XXI Edición

Curso 2024 - 2025

Alejandro Quintana

Eco 

Miguel Rodríguez Rodríguez, 15 años

Stella Maris College (Madrid)

«¿Por qué debo levantarme si cada mañana me asalta la misma pregunta? ¿Por qué tengo que vivir con cientos de ellos, aguijoneado por tantas dudas sin solución?

Él no era como ellos, que no se hacía preguntas. Era más sencillo sonreír, porque así no había peligro de padecer incomodidad, ansiedad o dolor. Nada podía afectar a quien ocultaba sus inquietudes tras una falsa sonrisa. 

«Además, para qué hacerme preguntas si no hay respuestas. Nunca había habido respuestas».

Eso era lo que ellos creían.  Aunque, en realidad, no creían en nada sino en lo que sentían. Ellos sentían desde que se levantaban en el dormitorio común, mientras trabajaban y hasta que se dormían.

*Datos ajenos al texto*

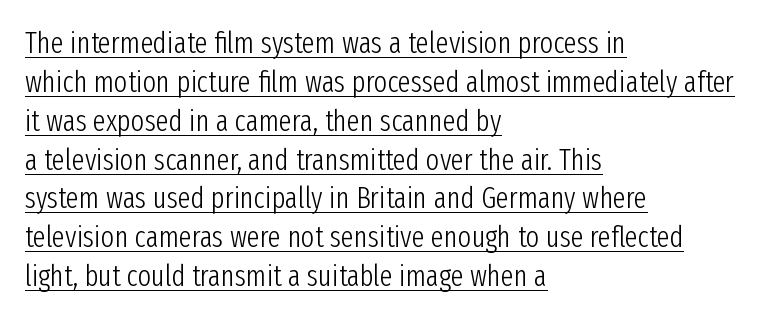
Q: Is the text bold? A: No.
Q: Is the text italic (slanted)? A: No, it is upright.
Q: Is the typeface a serif or a sans-serif typeface? A: Sans-serif.
Q: Is the text underlined? A: Yes.
Q: How is the paragraph aligned? A: Left-aligned.
Q: Is the spacing between letters normal or unusually wide? A: Normal.
Q: Is the spacing between lines tight, normal or loose? A: Normal.
Q: Width (condensed, normal, or wide)? A: Condensed.
Q: Stroke contrast? A: Low.
Q: x-height? A: Medium.
Q: Monospaced? A: No.

Desde que nacían, en el laboratorio 331, hasta el momento en que decidían morir, no dejaban de sentir.

Su vida había consistido en iluminar la niebla que cubría el mundo. Había intentado encontrar un sentido a todo lo que le rodeaba, pero no había sido capaz. Él pensaba, más allá de su capacidad de sentir. Por eso se hacía preguntas, aunque nadie las respondiera. Aun así, sabía que era afortunado frente a lo que ellos no habían disfrutado. Él había tenido padres, había gozado de una infancia feliz y había sido educado en familia. Eso sí, había algo que un día tuvo y que la sociedad le hizo olvidar.

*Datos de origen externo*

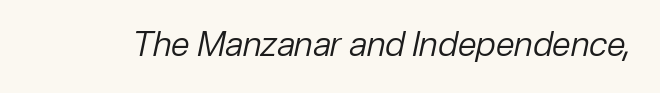
Think standard paragraph weight, or any step lighter than that. Proportional: the letters do not fall into vertical columns. Plain, unruled lines of type. Observe the ordinary spacing: letters are neighbours, not strangers. It's the slanting kind of type.

Harto de tanta incertidumbre, una brumosa mañana de abril dejó atrás su fría e impersonal ciudad sin nombre, llena de habitantes sin nombre, y emprendió un viaje en busca de sentido y de respuestas a aquella misteriosa cualidad que le diferenciaba del resto, así como de aquello que tuvo pero de lo que no se acordaba.

Tras jornadas de soledad absoluta y conversaciones consigo mismo, llegó a un valle vacío y triste. Gritó con voz potente:

—Hola… ¿Hay alguien?

—Alguien… alguien… —repitió el eco.

–¿Quién eres?

–Eres… eres… eres…

 —¿Vives aquí? —preguntó.

—Aquí… aquí… aquí… 

—¿Estás solo? 

—Solo… solo… solo… solo…—el eco sonó lastimero esta vez.

—¿Sabes quién soy yo?... ¿No?

—No… no… no… 

Se quedó desilusionado, pues el eco no le había dado respuestas, sino más preguntas, y no eran preguntas lo que buscaba. 

Decidió establecerse allí porque, al menos, podía hablar con alguien. En la ciudad nadie hablaba más de lo necesario. Así que todos los días saludaba al eco, y el eco le devolvía el saludo. Todas sus conversaciones eran igual de insulsas. 

«Pero, ¿qué es aquello que siempre me ha distinguido?». Estaba seguro de que era algo concreto, pero no sabía qué.

Hasta que una mañana ocurrió algo sorprendente: un eco que no conocía tomó la iniciativa.

 —Hola… ¿hay alguien?

—Alguien –dijo él, y su eco lo repitió decenas de veces.

–¿Vives aquí? —preguntó el nuevo eco.

 –Aquí —contestaron él y su eco.

–¿Solo estás tú? —volvió a interrogarle el eco desconocido.

—¡Estás tú! —gritó ilusionado junto a su eco, y aquel grito de alegría se multiplicó en el valle.

 Su interlocutor debió reconocerlo, porque lo llamó por su nombre:

—¡Adán!

Esta vez, el eco se repitió en su cabeza. De repente, se le cayó la venda de los ojos y por su mente pasó su vida: la infancia feliz con su familia, la misteriosa muerte de sus padres y su madurez en un mundo impersonal. Entonces descubrió qué era aquello que le distinguía de los habitantes de la ciudad: él tenía un nombre, que no había descubierto hasta ese momento. 

Bajó a la carrera hacia el valle, en donde se encontró con la fuente de aquel eco tan revelador: era una mujer, antigua amiga de la infancia. Se llamaba Eva.